• [ABOUT THIS TASK] The output has to be the full set of records, reproduced exactly, minus any picture.
--- DATASET ENTRIES ---
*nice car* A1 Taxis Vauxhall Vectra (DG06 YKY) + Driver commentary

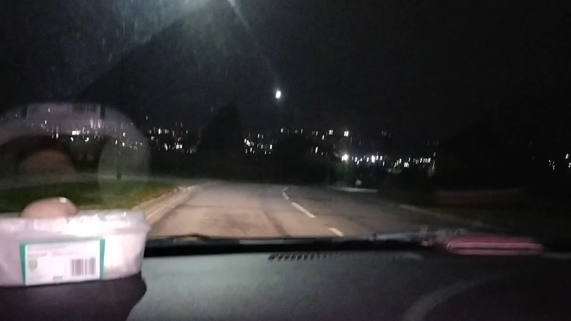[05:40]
Look at this, everyone. Wonderful view. This is a wonderful view of Sheffield that night. Right the way around, from the east over at Meadowhall, right the way around to virtually Bramall Lane. Mm-hm. On a clear-to-clear day, you can see right across onto the moors at the Dermot edge. Mm-hm.
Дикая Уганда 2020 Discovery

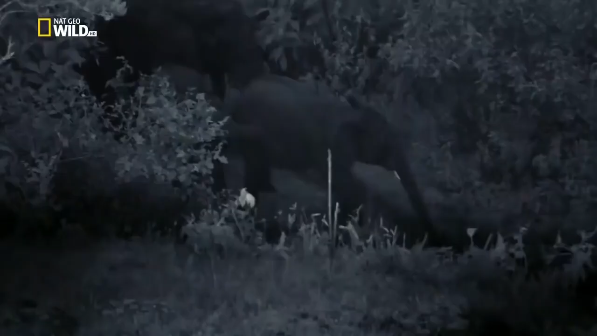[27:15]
Теперь, чтобы их заметить, нужны инфракрасные камеры.
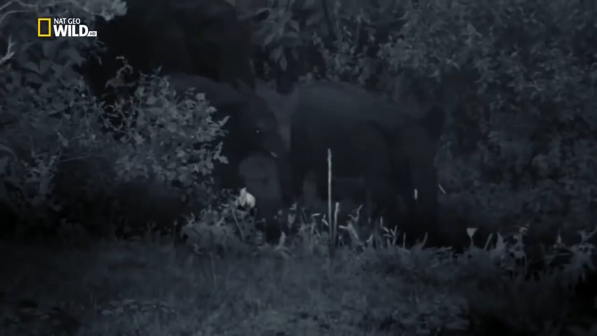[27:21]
В лесу, недалеко от входа в пещеру, слышен топот приближающихся слонов.
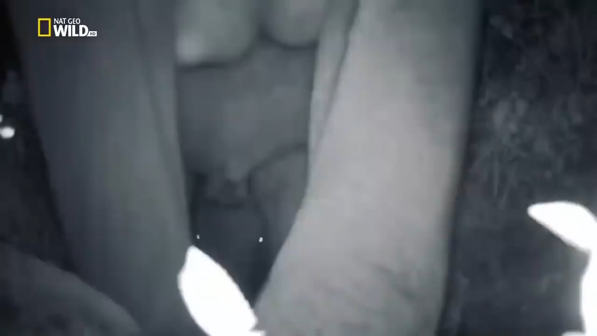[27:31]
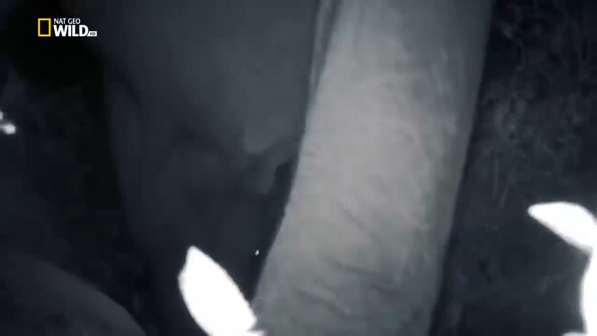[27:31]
ИНТРИГУЮЩАЯ МУЗЫКА Вскоре становится понятно, что к пещере пришла группа из дюжины особей.
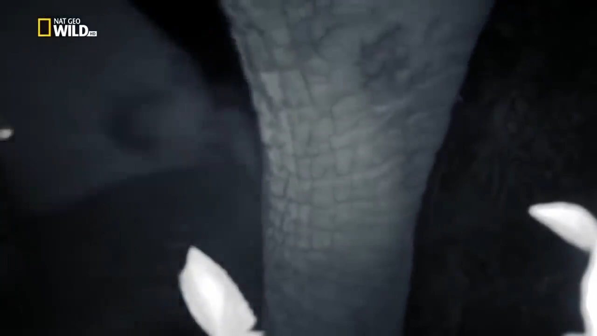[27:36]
Один за другим они заходят внутрь.
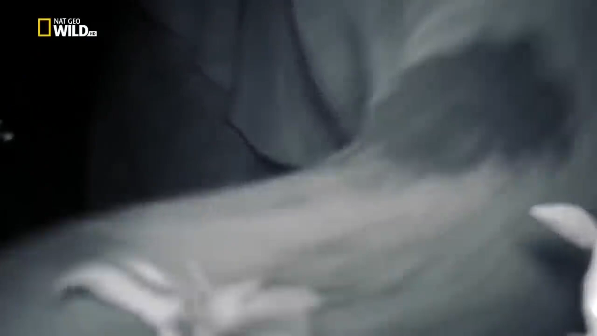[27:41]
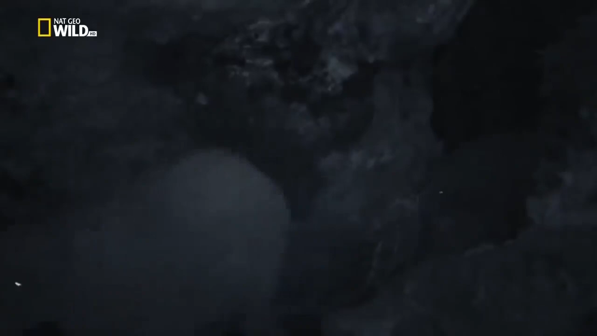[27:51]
ИНТРИГУЮЩАЯ МУЗЫКА Все слоны здесь самки.
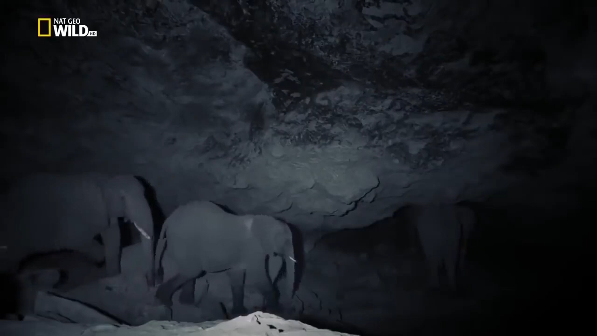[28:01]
Некоторые из них беременны, другие привели с собой детенышей. Первая слониха начинает скоблить потолок бивнями.
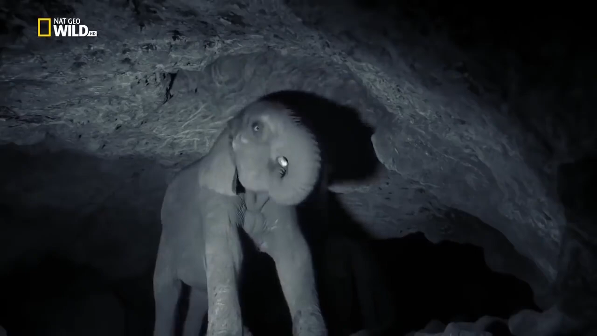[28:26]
Мы имеем возможность наблюдать за ними только благодаря инфракрасной камере.
---
• [RESPONSE BOX]
*nice car* A1 Taxis Vauxhall Vectra (DG06 YKY) + Driver commentary

[05:40]
Look at this, everyone. Wonderful view. This is a wonderful view of Sheffield that night. Right the way around, from the east over at Meadowhall, right the way around to virtually Bramall Lane. Mm-hm. On a clear-to-clear day, you can see right across onto the moors at the Dermot edge. Mm-hm.
Дикая Уганда 2020 Discovery

[27:15]
Теперь, чтобы их заметить, нужны инфракрасные камеры.
[27:21]
В лесу, недалеко от входа в пещеру, слышен топот приближающихся слонов.
[27:31]
[27:31]
ИНТРИГУЮЩАЯ МУЗЫКА Вскоре становится понятно, что к пещере пришла группа из дюжины особей.
[27:36]
Один за другим они заходят внутрь.
[27:41]
[27:51]
ИНТРИГУЮЩАЯ МУЗЫКА Все слоны здесь самки.
[28:01]
Некоторые из них беременны, другие привели с собой детенышей. Первая слониха начинает скоблить потолок бивнями.
[28:26]
Мы имеем возможность наблюдать за ними только благодаря инфракрасной камере.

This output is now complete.